In Short – Issue 3 (Spring 2025)
May 31, 2025

“Silvester” by Camellia Paul
Crack
By Brian McGuigan
I remember when crack took over our block. One day, the big boys from the park posted up on milk crates by the train station on the corner. Had crackheads single-file down our block like the line-up bell just rang. It got so bad that Moms put a lock on the gate to stop them from smoking in our stairwell. Otherwise, we woke up to a mess of empty crack vials, busted lighters, and crushed glass outside our front door.
“Tha’ last thing I need is anutha’ person ta’ clean up afta’,” she’d fume while snatching the broom from its stash spot behind the fridge when we should’ve been hustling to catch the bus.
Before the lock—and the subsequent replacements, since a sharp pair of garden shears could chop through our 99-cent store Master knock-offs—people did drugs, fucked, and pissed in our stairwell on the regular.
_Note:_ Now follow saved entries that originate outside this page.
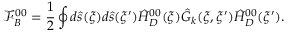
{ \mathcal { F } _ { B } ^ { 0 0 } } = { \frac { 1 } { 2 } } \oint { d } \hat { s } ( \xi ) d \hat { s } ( \xi ^ { \prime } ) { \hat { H } _ { D } ^ { 0 0 } } ( \xi ) { \hat { G } _ { k } } ( \xi , \xi ^ { \prime } ) { \hat { H } _ { D } ^ { 0 0 } } ( \xi ^ { \prime } ) .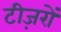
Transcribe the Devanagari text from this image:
टीज़रों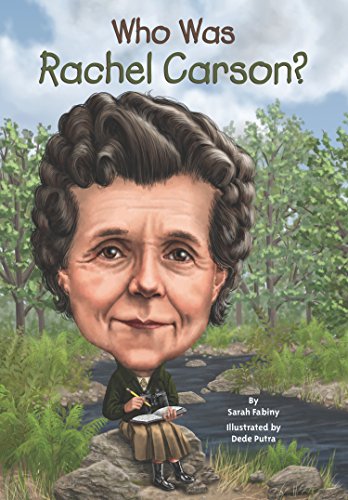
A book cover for Who Was Rachel Carson?; Sarah Fabiny; Children's Books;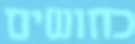
כחושים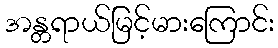
အန္တရာယ်မြင့်မားကြောင်း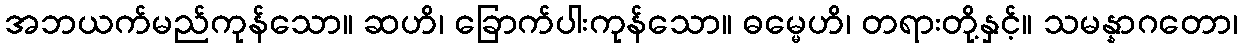
အဘယက်မည်ကုန်သော။ ဆဟိ၊ ခြောက်ပါးကုန်သော။ ဓမ္မေဟိ၊ တရားတို့နှင့်။ သမန္နာဂတော၊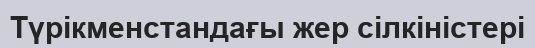
Түрікменстандағы жер сілкіністері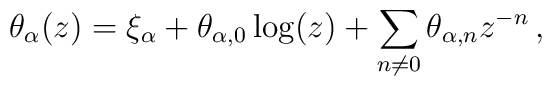
\theta_{\alpha}(z) = \xi_{\alpha} + \theta_{\alpha,0}\log(z)    + \sum_{n\neq 0}\theta_{\alpha,n}z^{-n}\,,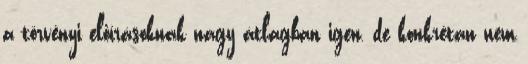
a törvényi előírásoknak nagy átlagban igen, de konkrétan nem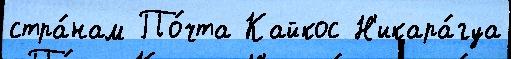
стра́нам По́чта Кайкос Н'икара́гуа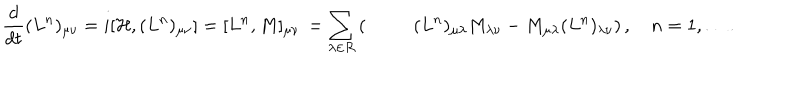
{ \frac { d } { d t } } ( L ^ { n } ) _ { \mu \nu } = i [ { \cal H } , ( L ^ { n } ) _ { \mu \nu } ] = [ L ^ { n } , M ] _ { \mu \nu } \nonumber \, = \sum _ { \lambda \in { \cal R } } \left( \phantom { \mathrm { \huge ~ H } } ( L ^ { n } ) _ { \mu \lambda } M _ { \lambda \nu } - M _ { \mu \lambda } ( L ^ { n } ) _ { \lambda \nu } \right) , \quad n = 1 , \ldots .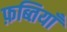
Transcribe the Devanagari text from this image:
फ़ब्तियाँ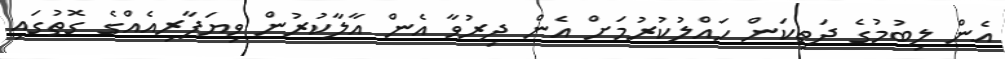
އެން ލިބުމުގެ ދަތިކަން ހައްލުކުރުމަށް އެން ދިރުވާ އެން އާލާކުރުން ވިޔަފާރިއެއްގެ ގޮތުގައި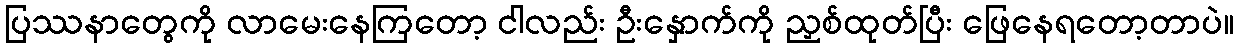
ပြဿနာတွေကို လာမေးနေကြတော့ ငါလည်း ဦးနှောက်ကို ညှစ်ထုတ်ပြီး ဖြေနေရတော့တာပဲ။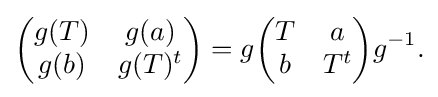
\displaystyle {{\begin{pmatrix}g(T)&g(a)\\g(b)&g(T)^{t}\end{pmatrix}}=g{\begin{pmatrix}T&a\\b&T^{t}\end{pmatrix}}g^{-1}.}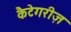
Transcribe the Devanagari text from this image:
कैटेगरीज़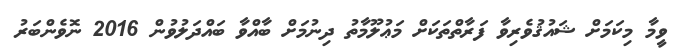
ވީމާ މިކަމަށް ޝައުޤުވެރިވާ ފަރާތްތަކަށް މަޢުލޫމާތު ދިނުމަށް ބާއްވާ ބައްދަލުވުން 2016 ނޮވެންބަރު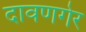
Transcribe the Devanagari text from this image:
दावणगेर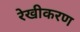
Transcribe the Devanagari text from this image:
रेखीकरण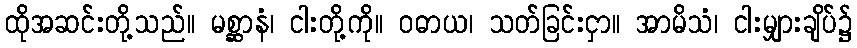
ထိုအဆင်းတို့သည်။ မစ္ဆာနံ၊ ငါးတို့ကို။ ဝဓာယ၊ သတ်ခြင်းငှာ။ အာမိသံ၊ ငါးမျှားချိပ်၌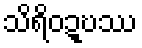
သိရိဝဍ္ဎဿ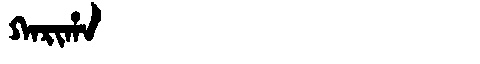
Manchu: ᡴᠠᡵᡳᡥᠠ
Romanization: KARIHA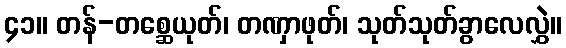
၄၁။ တန်-တစ္ဆေယုတ်၊ တဏှာဖုတ်၊ သုတ်သုတ်ခွာလေလွှဲ။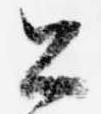
公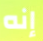
إنه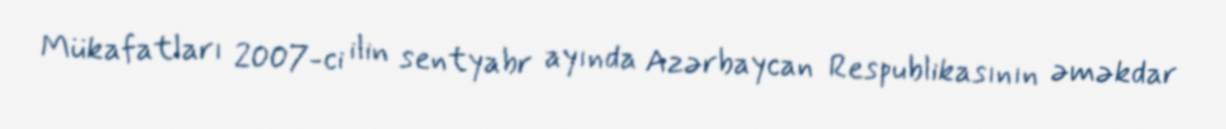
Mükafatları 2007-ci ilin sentyabr ayında Azərbaycan Respublikasının əməkdar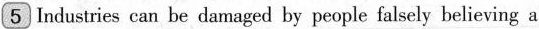
5 Industries can be damaged by people falsely believing a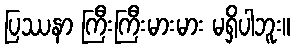
ပြဿနာ ကြီးကြီးမားမား မရှိပါဘူး။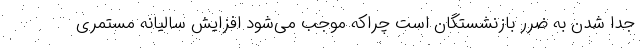
جدا شدن به ضرر بازنشستگان است چراکه موجب می‌شود افزایش سالیانه مستمری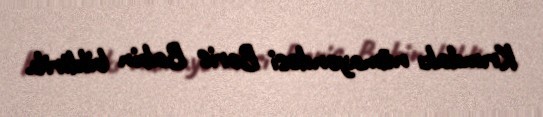
Krımdakı nümayəndəsi Boris Babin bildirib.
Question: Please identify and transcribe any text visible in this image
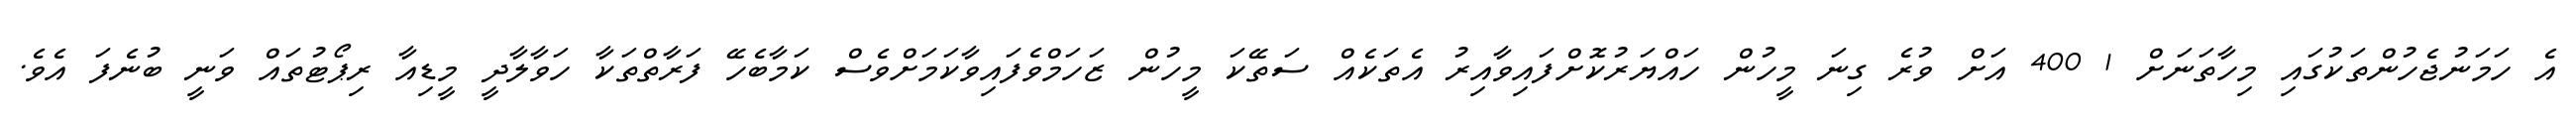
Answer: އެ ހަމަނުޖެހުންތަކުގައި މިހާތަނަށް 1 400 އަށް ވުރެ ގިނަ މީހުން ހައްޔަރުކޮށްފައިވާއިރު އެތަކެއް ސަތޭކަ މީހުން ޒަހަމްވެފައިވާކަމަށްވެސް ކަމާބެހޭ ފަރާތްތަކާ ހަވާލާދީ މީޑިއާ ރިޕޯޓުތައް ވަނީ ބުނެފަ އެވެ.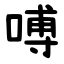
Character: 㗘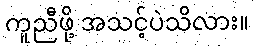
ကူညီဖို့ အသင့်ပဲသိလား။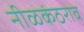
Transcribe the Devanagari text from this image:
नीळकंठराव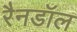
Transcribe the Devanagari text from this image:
रैनडॉल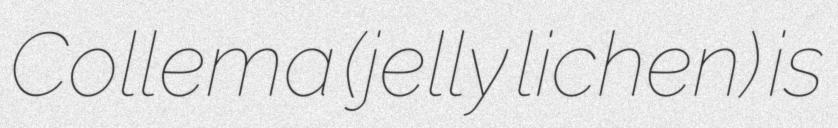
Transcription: Collema (jelly lichen) is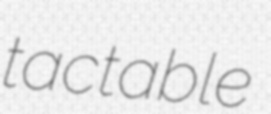
tactable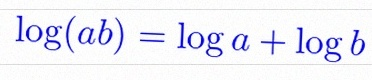
\log(ab)=\log a+\log b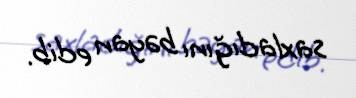
saxladığını bəyan edib.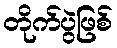
တိုက်ပွဲဖြစ်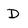
Character: D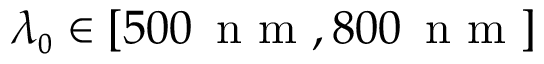
\lambda _ { \scriptscriptstyle 0 } \in \left[ 5 0 0 \, \mathrm { ~ n ~ m ~ } , 8 0 0 \, \mathrm { ~ n ~ m ~ } \right]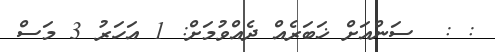
: :  ސަންއަށް ޚަބަރެއް ދެއްވުމަށް: 1 އަހަރު 3 މަސް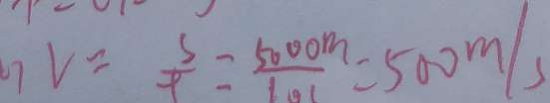
7 V = \frac { s } { \rho } = \frac { 5 0 0 0 m } { 1 0 0 } = 5 0 0 m / s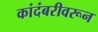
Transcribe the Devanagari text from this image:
कांदंबरीवरून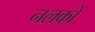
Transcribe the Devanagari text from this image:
नलकों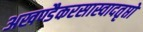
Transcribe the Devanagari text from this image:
अखण्डैकरसास्वादतृप्तो

I would’ve thought nothing of the mess, if not for those crack vials catching my eye. I liked science, and they looked like miniature test tubes. Best of all, their twist-off lids came in every color of the rainbow.
I began noticing them around: on our stoop, at the playground, underneath seats on the J train. Soon a bunch of kids on the block were collecting them. Trading them like baseball cards. I had a ridiculous amount of red tops, some blues and yellows. Purple was the hardest to come by, the Ken Griffey Jr. rookie card of crack vials. For just one, you could fetch a couple sticks of Juicy Fruit, maybe an actual baseball card with a hard bargain.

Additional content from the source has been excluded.